▶ **Problem requirements**: In the answer, each line of the listing should appear again unchanged.

▶ **Data for processing**:
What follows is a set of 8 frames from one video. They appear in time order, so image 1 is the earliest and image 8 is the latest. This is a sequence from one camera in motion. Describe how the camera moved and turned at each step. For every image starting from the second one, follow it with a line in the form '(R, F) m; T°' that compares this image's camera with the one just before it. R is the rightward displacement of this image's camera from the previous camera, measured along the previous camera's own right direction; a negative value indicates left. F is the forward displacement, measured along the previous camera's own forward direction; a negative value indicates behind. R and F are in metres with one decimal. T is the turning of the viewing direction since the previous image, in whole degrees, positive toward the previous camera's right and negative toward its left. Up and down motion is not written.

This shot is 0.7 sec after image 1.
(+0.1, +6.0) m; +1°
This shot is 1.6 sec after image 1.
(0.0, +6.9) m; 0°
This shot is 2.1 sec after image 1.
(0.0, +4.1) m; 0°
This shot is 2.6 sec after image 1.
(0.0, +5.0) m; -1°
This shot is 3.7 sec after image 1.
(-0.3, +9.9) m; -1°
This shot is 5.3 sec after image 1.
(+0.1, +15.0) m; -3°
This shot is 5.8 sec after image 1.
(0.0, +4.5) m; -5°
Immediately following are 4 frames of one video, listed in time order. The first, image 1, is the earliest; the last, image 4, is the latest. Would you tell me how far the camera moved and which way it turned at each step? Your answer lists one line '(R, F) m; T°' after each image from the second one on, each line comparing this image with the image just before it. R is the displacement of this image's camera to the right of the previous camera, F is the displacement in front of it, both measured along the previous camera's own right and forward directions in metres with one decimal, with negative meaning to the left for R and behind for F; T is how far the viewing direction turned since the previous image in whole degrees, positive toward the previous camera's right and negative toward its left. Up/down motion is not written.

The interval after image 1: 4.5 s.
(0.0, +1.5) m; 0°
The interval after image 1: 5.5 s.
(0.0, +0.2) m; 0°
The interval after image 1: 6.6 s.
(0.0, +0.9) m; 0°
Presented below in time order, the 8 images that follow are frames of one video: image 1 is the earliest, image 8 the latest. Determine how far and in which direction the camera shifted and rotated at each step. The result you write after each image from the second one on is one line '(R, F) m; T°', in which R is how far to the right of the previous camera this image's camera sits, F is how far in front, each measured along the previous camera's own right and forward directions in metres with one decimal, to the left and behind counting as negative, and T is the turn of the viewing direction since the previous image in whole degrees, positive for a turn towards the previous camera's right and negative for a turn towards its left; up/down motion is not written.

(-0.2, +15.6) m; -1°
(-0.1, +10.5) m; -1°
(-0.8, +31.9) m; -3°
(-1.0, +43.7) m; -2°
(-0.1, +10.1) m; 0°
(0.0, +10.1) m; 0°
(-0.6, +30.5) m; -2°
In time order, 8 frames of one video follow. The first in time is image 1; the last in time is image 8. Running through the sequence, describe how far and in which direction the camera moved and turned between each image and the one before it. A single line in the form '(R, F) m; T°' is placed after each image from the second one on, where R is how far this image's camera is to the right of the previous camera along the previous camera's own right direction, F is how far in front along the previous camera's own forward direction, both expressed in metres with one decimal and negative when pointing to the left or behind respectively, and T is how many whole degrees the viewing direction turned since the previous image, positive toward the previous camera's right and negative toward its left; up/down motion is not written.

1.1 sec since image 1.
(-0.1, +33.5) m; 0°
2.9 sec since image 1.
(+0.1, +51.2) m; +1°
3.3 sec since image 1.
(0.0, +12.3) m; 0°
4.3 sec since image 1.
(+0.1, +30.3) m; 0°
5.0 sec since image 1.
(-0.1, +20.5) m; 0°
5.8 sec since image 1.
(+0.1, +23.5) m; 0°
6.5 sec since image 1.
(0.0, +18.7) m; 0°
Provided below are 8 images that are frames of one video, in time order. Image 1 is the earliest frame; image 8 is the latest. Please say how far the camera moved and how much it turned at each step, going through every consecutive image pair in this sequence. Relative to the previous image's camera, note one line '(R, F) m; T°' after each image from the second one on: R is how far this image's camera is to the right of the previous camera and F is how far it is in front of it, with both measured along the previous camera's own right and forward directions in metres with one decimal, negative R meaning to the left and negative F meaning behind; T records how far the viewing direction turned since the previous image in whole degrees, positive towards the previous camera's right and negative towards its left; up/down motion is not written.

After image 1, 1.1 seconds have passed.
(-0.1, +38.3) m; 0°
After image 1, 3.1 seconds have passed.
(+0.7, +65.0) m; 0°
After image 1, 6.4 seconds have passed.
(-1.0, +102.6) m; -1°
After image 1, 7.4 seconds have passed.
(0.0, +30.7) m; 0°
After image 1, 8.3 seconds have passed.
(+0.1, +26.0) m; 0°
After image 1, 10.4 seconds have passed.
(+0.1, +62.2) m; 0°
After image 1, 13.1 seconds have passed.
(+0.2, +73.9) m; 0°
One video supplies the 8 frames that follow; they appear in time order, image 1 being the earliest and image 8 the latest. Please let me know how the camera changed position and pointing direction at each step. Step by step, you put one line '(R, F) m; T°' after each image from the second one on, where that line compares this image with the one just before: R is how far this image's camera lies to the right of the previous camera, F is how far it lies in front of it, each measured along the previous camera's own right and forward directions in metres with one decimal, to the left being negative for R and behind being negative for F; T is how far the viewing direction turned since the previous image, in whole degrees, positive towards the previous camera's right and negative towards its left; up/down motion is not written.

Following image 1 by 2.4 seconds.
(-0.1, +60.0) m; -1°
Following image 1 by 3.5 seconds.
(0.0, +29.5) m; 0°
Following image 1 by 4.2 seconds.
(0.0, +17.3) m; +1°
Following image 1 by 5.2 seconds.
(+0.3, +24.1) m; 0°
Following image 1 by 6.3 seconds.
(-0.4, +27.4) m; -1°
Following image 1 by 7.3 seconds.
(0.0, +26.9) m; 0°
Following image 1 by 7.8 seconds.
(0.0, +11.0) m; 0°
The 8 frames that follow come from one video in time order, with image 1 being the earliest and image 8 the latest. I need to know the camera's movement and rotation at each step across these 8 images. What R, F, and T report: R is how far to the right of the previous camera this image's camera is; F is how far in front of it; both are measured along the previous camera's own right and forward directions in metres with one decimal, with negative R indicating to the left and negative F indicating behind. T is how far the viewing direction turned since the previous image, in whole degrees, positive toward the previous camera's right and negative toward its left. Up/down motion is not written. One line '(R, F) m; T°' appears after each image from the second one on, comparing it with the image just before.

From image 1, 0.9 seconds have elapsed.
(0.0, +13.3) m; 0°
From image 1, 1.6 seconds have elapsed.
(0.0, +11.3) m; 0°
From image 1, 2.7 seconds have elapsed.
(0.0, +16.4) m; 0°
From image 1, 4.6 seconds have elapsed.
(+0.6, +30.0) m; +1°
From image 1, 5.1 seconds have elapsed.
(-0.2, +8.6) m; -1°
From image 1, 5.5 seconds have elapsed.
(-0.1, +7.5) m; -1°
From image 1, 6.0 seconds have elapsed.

▶ **Answer to the exercise**:
What follows is a set of 8 frames from one video. They appear in time order, so image 1 is the earliest and image 8 is the latest. This is a sequence from one camera in motion. Describe how the camera moved and turned at each step. For every image starting from the second one, follow it with a line in the form '(R, F) m; T°' that compares this image's camera with the one just before it. R is the rightward displacement of this image's camera from the previous camera, measured along the previous camera's own right direction; a negative value indicates left. F is the forward displacement, measured along the previous camera's own forward direction; a negative value indicates behind. R and F are in metres with one decimal. T is the turning of the viewing direction since the previous image, in whole degrees, positive toward the previous camera's right and negative toward its left. Up and down motion is not written.

This shot is 0.7 sec after image 1.
(+0.1, +6.0) m; +1°
This shot is 1.6 sec after image 1.
(0.0, +6.9) m; 0°
This shot is 2.1 sec after image 1.
(0.0, +4.1) m; 0°
This shot is 2.6 sec after image 1.
(0.0, +5.0) m; -1°
This shot is 3.7 sec after image 1.
(-0.3, +9.9) m; -1°
This shot is 5.3 sec after image 1.
(+0.1, +15.0) m; -3°
This shot is 5.8 sec after image 1.
(0.0, +4.5) m; -5°
Immediately following are 4 frames of one video, listed in time order. The first, image 1, is the earliest; the last, image 4, is the latest. Would you tell me how far the camera moved and which way it turned at each step? Your answer lists one line '(R, F) m; T°' after each image from the second one on, each line comparing this image with the image just before it. R is the displacement of this image's camera to the right of the previous camera, F is the displacement in front of it, both measured along the previous camera's own right and forward directions in metres with one decimal, with negative meaning to the left for R and behind for F; T is how far the viewing direction turned since the previous image in whole degrees, positive toward the previous camera's right and negative toward its left. Up/down motion is not written.

The interval after image 1: 4.5 s.
(0.0, +1.5) m; 0°
The interval after image 1: 5.5 s.
(0.0, +0.2) m; 0°
The interval after image 1: 6.6 s.
(0.0, +0.9) m; 0°
Presented below in time order, the 8 images that follow are frames of one video: image 1 is the earliest, image 8 the latest. Determine how far and in which direction the camera shifted and rotated at each step. The result you write after each image from the second one on is one line '(R, F) m; T°', in which R is how far to the right of the previous camera this image's camera sits, F is how far in front, each measured along the previous camera's own right and forward directions in metres with one decimal, to the left and behind counting as negative, and T is the turn of the viewing direction since the previous image in whole degrees, positive for a turn towards the previous camera's right and negative for a turn towards its left; up/down motion is not written.

(-0.2, +15.6) m; -1°
(-0.1, +10.5) m; -1°
(-0.8, +31.9) m; -3°
(-1.0, +43.7) m; -2°
(-0.1, +10.1) m; 0°
(0.0, +10.1) m; 0°
(-0.6, +30.5) m; -2°
In time order, 8 frames of one video follow. The first in time is image 1; the last in time is image 8. Running through the sequence, describe how far and in which direction the camera moved and turned between each image and the one before it. A single line in the form '(R, F) m; T°' is placed after each image from the second one on, where R is how far this image's camera is to the right of the previous camera along the previous camera's own right direction, F is how far in front along the previous camera's own forward direction, both expressed in metres with one decimal and negative when pointing to the left or behind respectively, and T is how many whole degrees the viewing direction turned since the previous image, positive toward the previous camera's right and negative toward its left; up/down motion is not written.

1.1 sec since image 1.
(-0.1, +33.5) m; 0°
2.9 sec since image 1.
(+0.1, +51.2) m; +1°
3.3 sec since image 1.
(0.0, +12.3) m; 0°
4.3 sec since image 1.
(+0.1, +30.3) m; 0°
5.0 sec since image 1.
(-0.1, +20.5) m; 0°
5.8 sec since image 1.
(+0.1, +23.5) m; 0°
6.5 sec since image 1.
(0.0, +18.7) m; 0°
Provided below are 8 images that are frames of one video, in time order. Image 1 is the earliest frame; image 8 is the latest. Please say how far the camera moved and how much it turned at each step, going through every consecutive image pair in this sequence. Relative to the previous image's camera, note one line '(R, F) m; T°' after each image from the second one on: R is how far this image's camera is to the right of the previous camera and F is how far it is in front of it, with both measured along the previous camera's own right and forward directions in metres with one decimal, negative R meaning to the left and negative F meaning behind; T records how far the viewing direction turned since the previous image in whole degrees, positive towards the previous camera's right and negative towards its left; up/down motion is not written.

After image 1, 1.1 seconds have passed.
(-0.1, +38.3) m; 0°
After image 1, 3.1 seconds have passed.
(+0.7, +65.0) m; 0°
After image 1, 6.4 seconds have passed.
(-1.0, +102.6) m; -1°
After image 1, 7.4 seconds have passed.
(0.0, +30.7) m; 0°
After image 1, 8.3 seconds have passed.
(+0.1, +26.0) m; 0°
After image 1, 10.4 seconds have passed.
(+0.1, +62.2) m; 0°
After image 1, 13.1 seconds have passed.
(+0.2, +73.9) m; 0°
One video supplies the 8 frames that follow; they appear in time order, image 1 being the earliest and image 8 the latest. Please let me know how the camera changed position and pointing direction at each step. Step by step, you put one line '(R, F) m; T°' after each image from the second one on, where that line compares this image with the one just before: R is how far this image's camera lies to the right of the previous camera, F is how far it lies in front of it, each measured along the previous camera's own right and forward directions in metres with one decimal, to the left being negative for R and behind being negative for F; T is how far the viewing direction turned since the previous image, in whole degrees, positive towards the previous camera's right and negative towards its left; up/down motion is not written.

Following image 1 by 2.4 seconds.
(-0.1, +60.0) m; -1°
Following image 1 by 3.5 seconds.
(0.0, +29.5) m; 0°
Following image 1 by 4.2 seconds.
(0.0, +17.3) m; +1°
Following image 1 by 5.2 seconds.
(+0.3, +24.1) m; 0°
Following image 1 by 6.3 seconds.
(-0.4, +27.4) m; -1°
Following image 1 by 7.3 seconds.
(0.0, +26.9) m; 0°
Following image 1 by 7.8 seconds.
(0.0, +11.0) m; 0°
The 8 frames that follow come from one video in time order, with image 1 being the earliest and image 8 the latest. I need to know the camera's movement and rotation at each step across these 8 images. What R, F, and T report: R is how far to the right of the previous camera this image's camera is; F is how far in front of it; both are measured along the previous camera's own right and forward directions in metres with one decimal, with negative R indicating to the left and negative F indicating behind. T is how far the viewing direction turned since the previous image, in whole degrees, positive toward the previous camera's right and negative toward its left. Up/down motion is not written. One line '(R, F) m; T°' appears after each image from the second one on, comparing it with the image just before.

From image 1, 0.9 seconds have elapsed.
(0.0, +13.3) m; 0°
From image 1, 1.6 seconds have elapsed.
(0.0, +11.3) m; 0°
From image 1, 2.7 seconds have elapsed.
(0.0, +16.4) m; 0°
From image 1, 4.6 seconds have elapsed.
(+0.6, +30.0) m; +1°
From image 1, 5.1 seconds have elapsed.
(-0.2, +8.6) m; -1°
From image 1, 5.5 seconds have elapsed.
(-0.1, +7.5) m; -1°
From image 1, 6.0 seconds have elapsed.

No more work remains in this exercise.